An overexpressed gene found at the scene of a variety of tumors is implicated in the development of two types of malignant brain cancer in a paper by researchers at The University of Texas M. D. Anderson Cancer Center to be published in the Proceedings of the National Academy of Sciences. The paper will be posted online at the PNAS web site the week of July 2.
“Just because a gene is associated with cancer doesn’t mean that it’s actually causing cancer. In this paper we show for the first time that insulin-like growth factor binding protein 2 (IGFBP2) connects with two other proteins to fuel development and progression of brain tumors,” says senior author Wei Zhang, Ph.D., professor in M. D. Anderson’s Department of Pathology.
Using a gene transfer delivery system in a mouse model, a team led by Zhang and Professor of Pathology Gregory Fuller, M.D., Ph.D., shows that IGFBP2 plays an active role in the tumorigenesis of astrocytoma and oligodendroglioma. Both cancers are forms of glioma, cancers that develop in the glial cells – which normally support and nourish neurons -- that are highly resistant to treatment.
“This makes IGFBP2 an important candidate for development of targeted therapy to treat gliomas,” Zhang says. Gliomas kill about 13,000 people in the United States annually.
The possibilities are not limited to brain cancer, Fuller notes, “because of the pervasive overexpression of IGFBP2 documented in other cancer types.” The gene is expressed only at low levels in normal cells, which would potentially reduce side effects caused by a treatment that targeted the gene or its protein product.
Fuller and Zhang first associated overexpression of the gene with brain cancer in 1999. Other researchers have since found it to be overexpressed in prostate, ovarian, breast and colorectal cancers, some leukemias, and also in drug-resistant tumors.

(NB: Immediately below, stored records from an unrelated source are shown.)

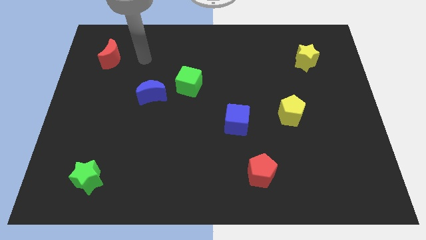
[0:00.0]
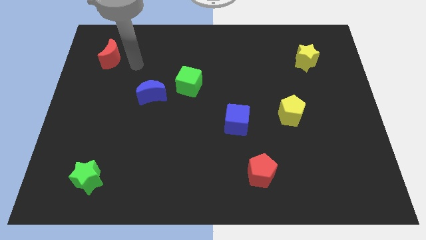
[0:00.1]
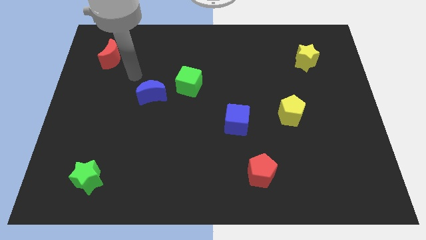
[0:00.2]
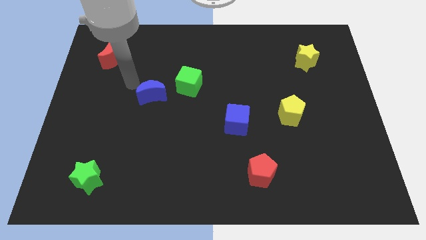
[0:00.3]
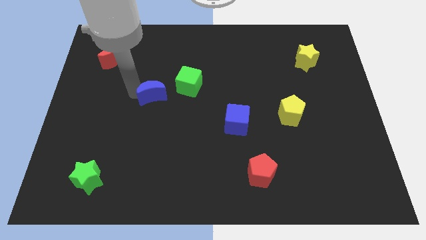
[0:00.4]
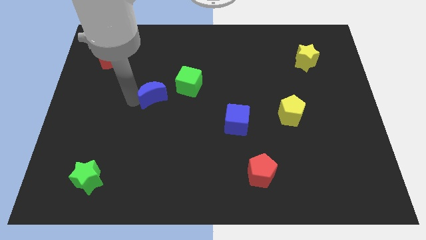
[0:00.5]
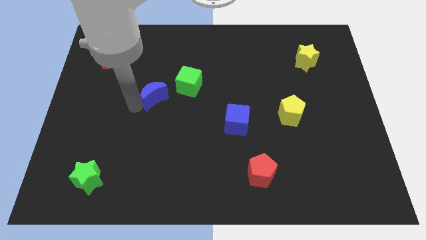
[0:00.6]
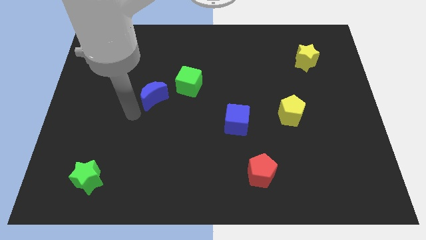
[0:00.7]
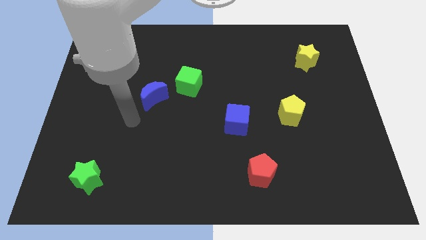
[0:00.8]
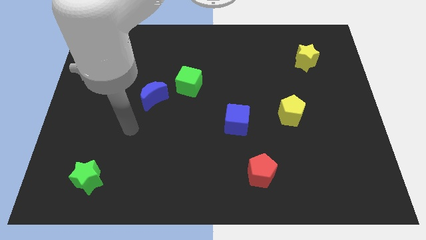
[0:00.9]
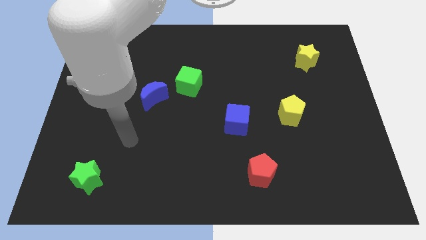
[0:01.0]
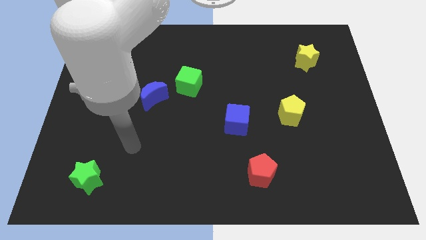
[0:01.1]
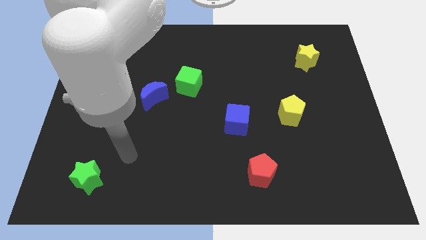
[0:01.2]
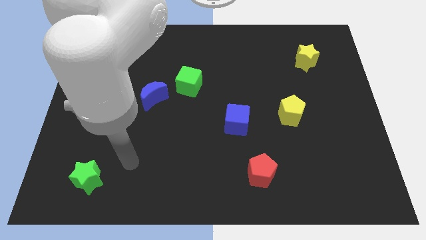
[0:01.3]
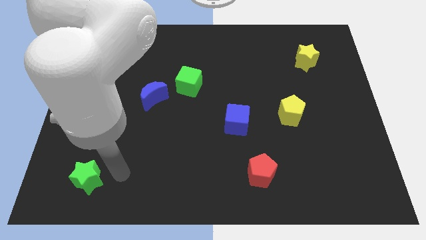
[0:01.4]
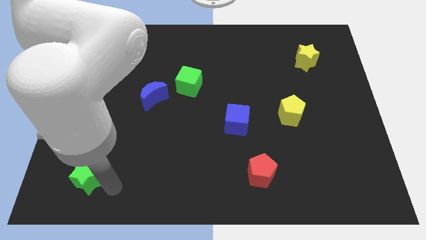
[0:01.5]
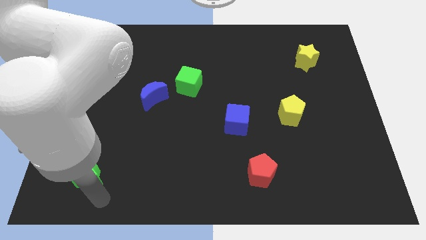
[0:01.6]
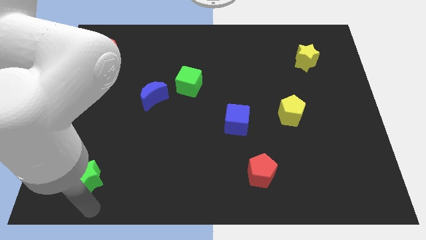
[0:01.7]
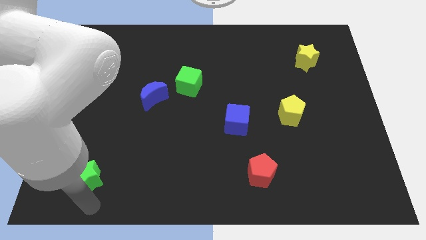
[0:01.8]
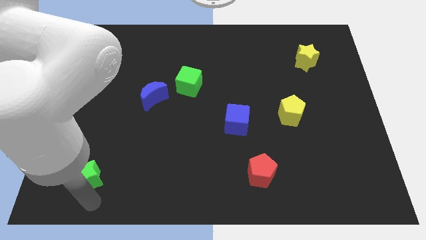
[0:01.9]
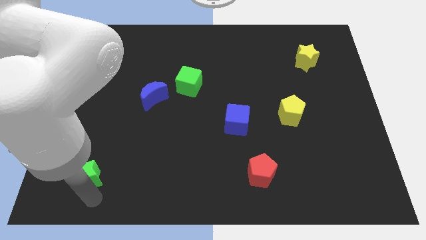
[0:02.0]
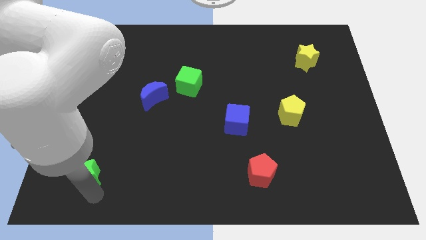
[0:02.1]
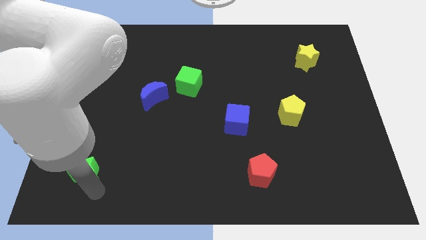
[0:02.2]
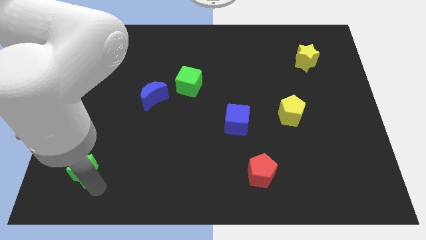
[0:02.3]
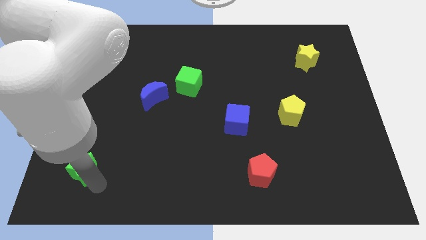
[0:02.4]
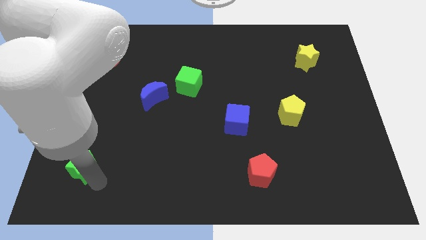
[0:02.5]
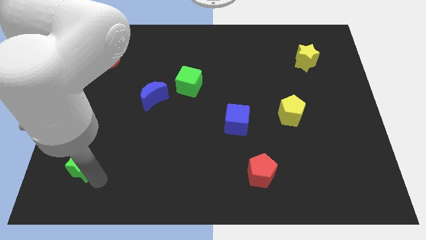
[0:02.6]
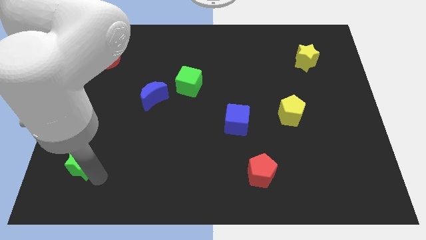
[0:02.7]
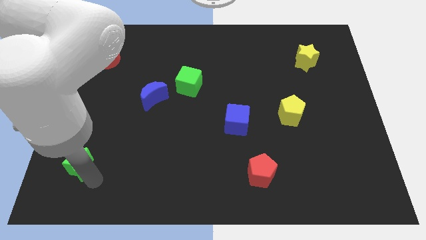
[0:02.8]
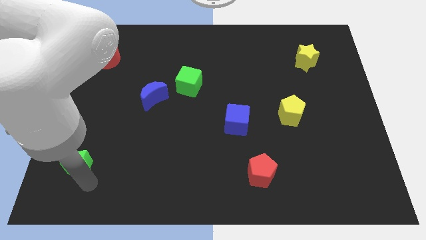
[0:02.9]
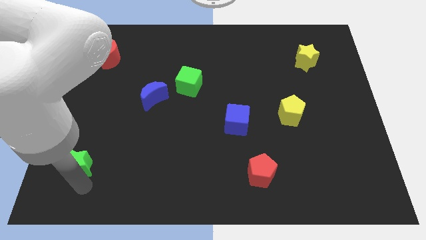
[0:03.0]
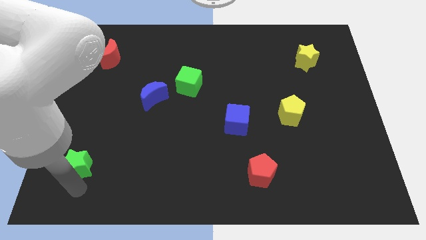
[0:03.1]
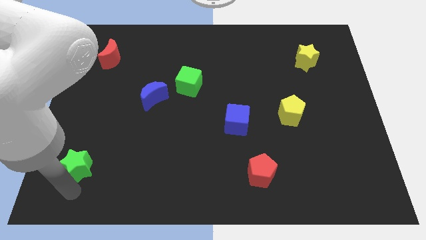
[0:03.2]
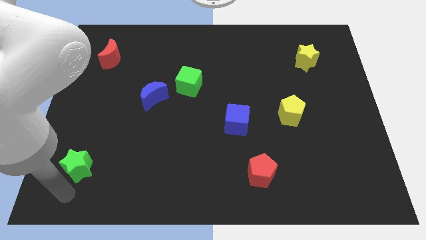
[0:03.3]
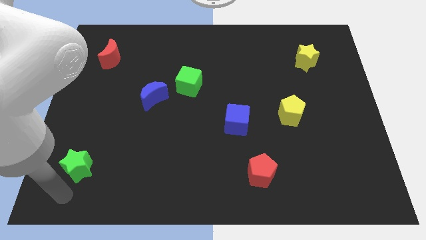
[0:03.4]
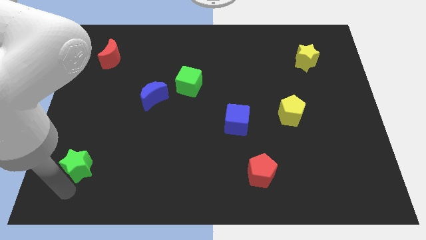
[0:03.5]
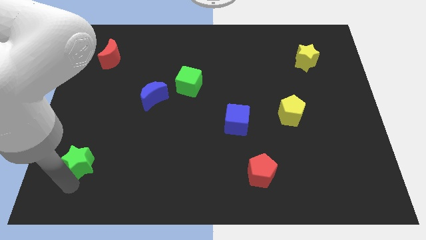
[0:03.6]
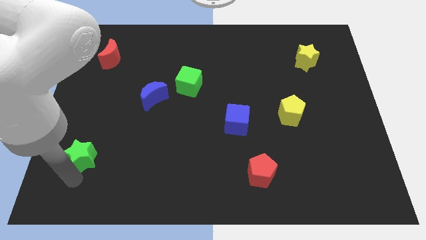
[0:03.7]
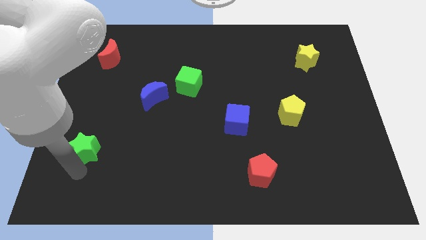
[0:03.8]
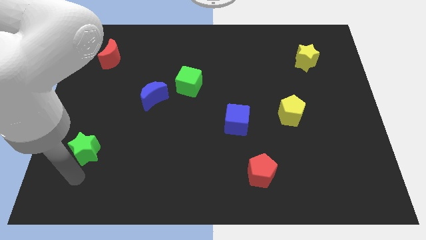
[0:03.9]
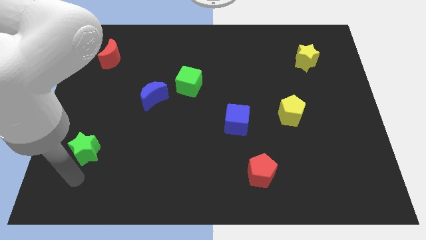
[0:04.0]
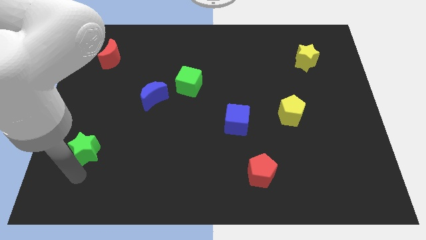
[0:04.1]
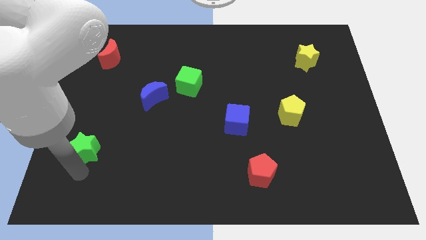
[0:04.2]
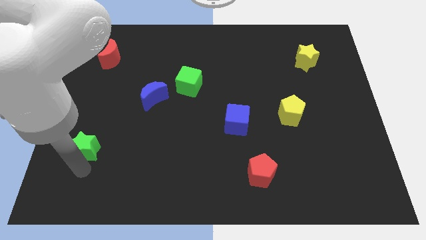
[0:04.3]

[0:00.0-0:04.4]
move the green star a little up

Overabundance of IGFBP2 has since been shown to be an indicator of poor prognosis for glioma patients. The PNAS paper takes it beyond this biomarker status.
Zhang, Fuller and colleagues employed a viral gene transfer delivery agent known as RCAS, which is loaded with the gene, or genes, of interest and injected into the mouse brain. The viral particles infect only glial cells, where the genes are expressed.
This system allows the researchers to observe whether a gene identified in a correlation study plays an active role in tumorigenesis. It also permits the delivery and study of combinations of genes.
They found that a combination of IGFBP2 and another known oncogene called K-Ras leads to development of astrocytomas – a glioma named for the star-like shape of its constituent cells.
A combination of K-Ras and a third gene, Akt, previously had been shown to develop astrocytomas. Activation of Akt fuels cell growth and survival. None of the three genes caused brain cancer formation when delivered alone. The researchers tried a combination of Akt and IGFBP2 and no tumor formed, suggesting that the two genes lie in the same molecular pathway and have a similar effect.
For oligodendroglioma, the researchers found that IGFBP2 combined with platelet-derived growth factor beta (PDGFB) results in a higher-grade form of the cancer than that caused by PDGFB alone. The high-grade tumors formed by the combination were indistinguishable in their shape and brain-invasive behavior from human oligodendrogliomas.
The combination also activated the Akt pathway, which PDGFB does not induce by itself. Combined with their earlier findings, this led the team to hypothesize that IGFBP2 activates the Akt pathway, which they confirmed in subsequent lab experiments.
In a final experiment, they treated IGFBP2-PDGFB infected cells in culture with a known Akt inhibitor, which killed more of the combination cells than those infected only with platelet-derived growth factor.
This connection to Akt, the researchers note, makes the presence of IGFBP2 in blood serum a potential biomarker that would indicate an active role for Akt in a patient’s cancer and thus a role for Akt inhibitors in their treatment.
“The survival of the most advanced stage of glioma, gliobastoma, has not significantly improved for decades,” note Zhang and Fuller. “We hope IGFBP2 will provide an effective target for treatment of this devastating disease.”
Sarah Dunlap, a student in the Graduate School of Biomedical Sciences jointly operated by M. D. Anderson and The University of Texas Health Science Center at Houston, is the report’s first author. Other Fuller and Zhang team members include Joseph Celestino, Department of Gynecological Oncology and Hua Wang, Department of Gastrointestinal Oncology, both of M. D. Anderson; Rongcai Jiang, of Tianjin Medical University; and Eric Holland, M.D., of the Memorial Sloan-Kettering Cancer Center Department of Neurosurgery.
Research was funded by the National Cancer Institute of the National Institutes of Health, and Dunlap’s fellowship by the Keck Center Pharmacoinformatics Training Program of the Gulf Coast Consortia and the American Legion Auxiliary of Texas.